- WHAT YOU WILL DO -
Retype every entry word for word. Omit the pictures.

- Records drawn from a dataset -
==========

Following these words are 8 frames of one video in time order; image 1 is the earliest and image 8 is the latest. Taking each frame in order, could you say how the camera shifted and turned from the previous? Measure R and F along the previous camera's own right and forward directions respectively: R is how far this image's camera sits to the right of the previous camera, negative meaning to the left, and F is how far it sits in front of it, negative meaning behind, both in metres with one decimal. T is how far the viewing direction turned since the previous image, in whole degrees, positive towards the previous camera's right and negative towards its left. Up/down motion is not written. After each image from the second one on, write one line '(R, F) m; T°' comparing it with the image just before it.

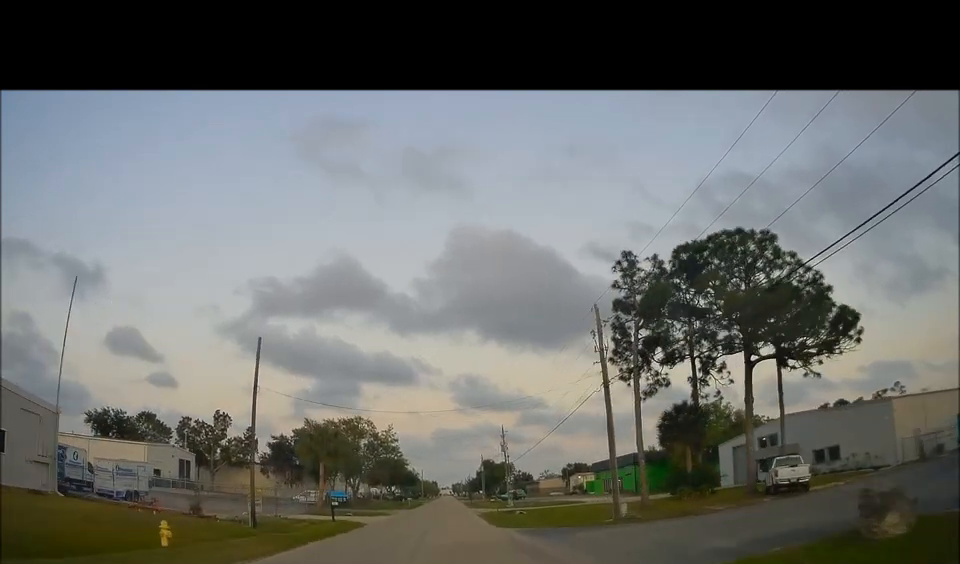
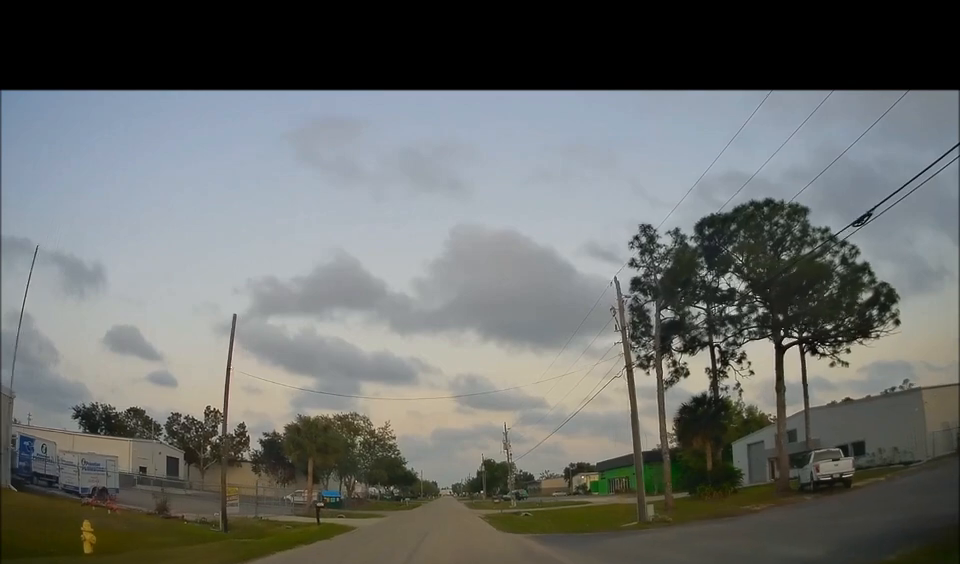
(0.0, +3.6) m; 0°
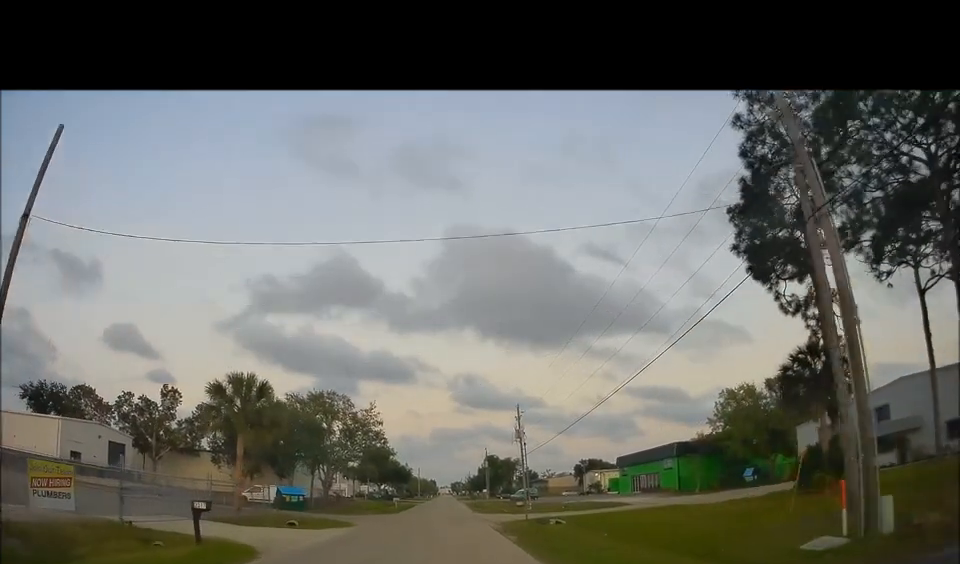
(0.0, +13.9) m; 0°
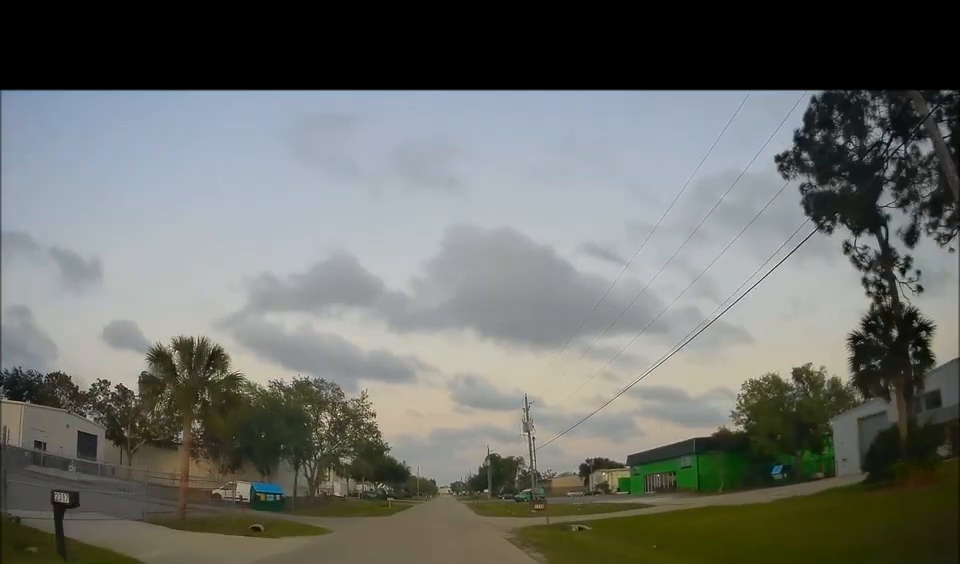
(0.0, +5.7) m; 0°
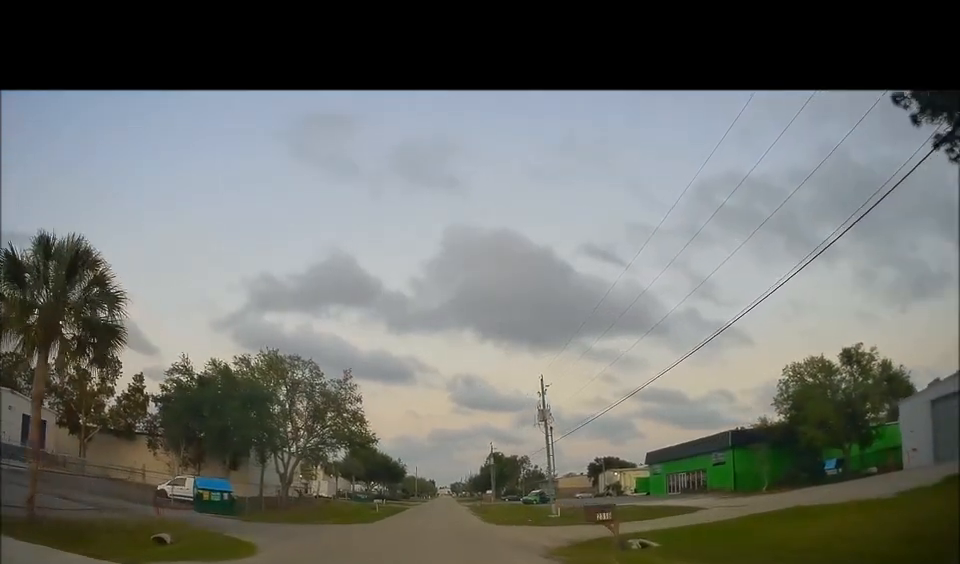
(0.0, +8.6) m; 0°
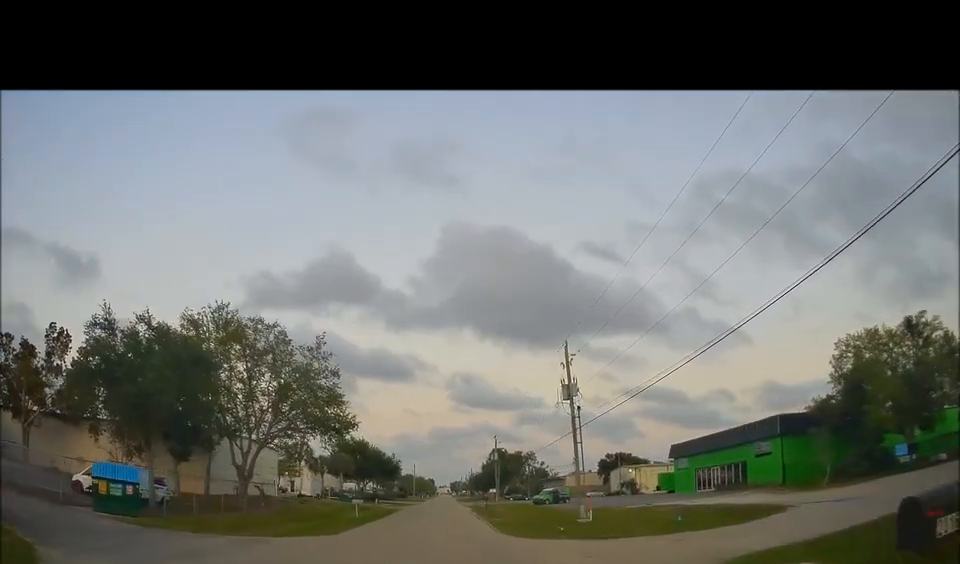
(0.0, +8.9) m; -4°
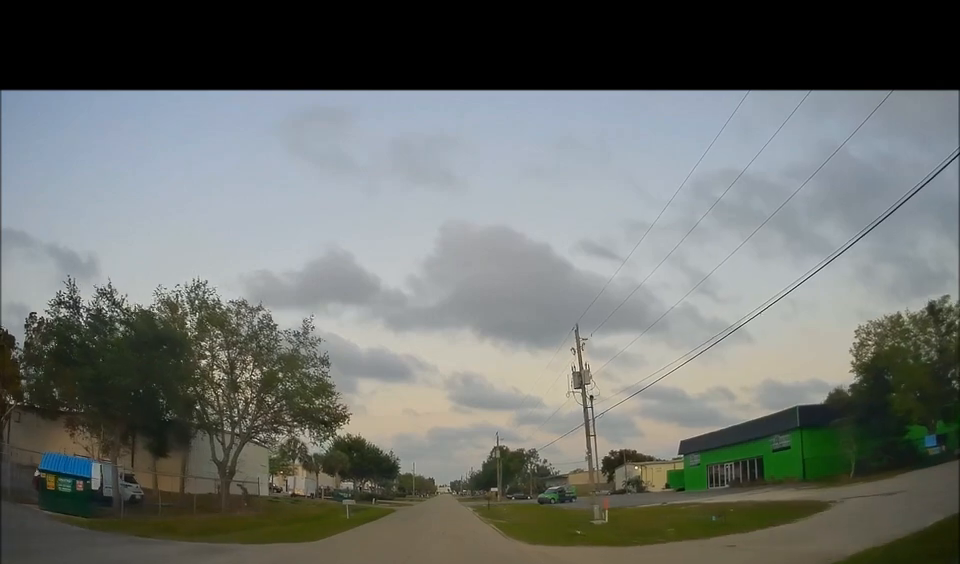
(-0.2, +3.0) m; 0°
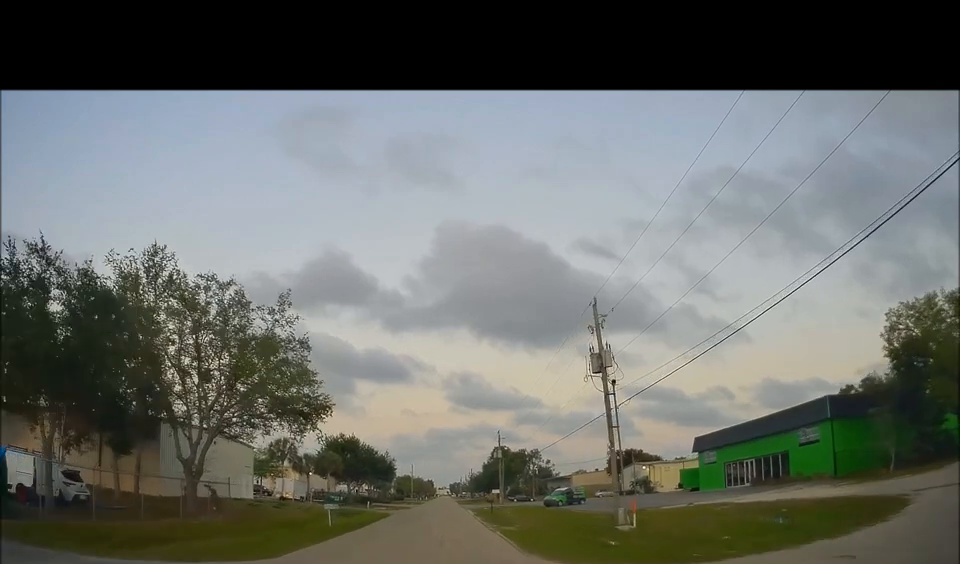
(-0.3, +4.2) m; 0°

==========

- EXERCISE RESPONSE -
Following these words are 8 frames of one video in time order; image 1 is the earliest and image 8 is the latest. Taking each frame in order, could you say how the camera shifted and turned from the previous? Measure R and F along the previous camera's own right and forward directions respectively: R is how far this image's camera sits to the right of the previous camera, negative meaning to the left, and F is how far it sits in front of it, negative meaning behind, both in metres with one decimal. T is how far the viewing direction turned since the previous image, in whole degrees, positive towards the previous camera's right and negative towards its left. Up/down motion is not written. After each image from the second one on, write one line '(R, F) m; T°' comparing it with the image just before it.

(0.0, +3.6) m; 0°
(0.0, +13.9) m; 0°
(0.0, +5.7) m; 0°
(0.0, +8.6) m; 0°
(0.0, +8.9) m; -4°
(-0.2, +3.0) m; 0°
(-0.3, +4.2) m; 0°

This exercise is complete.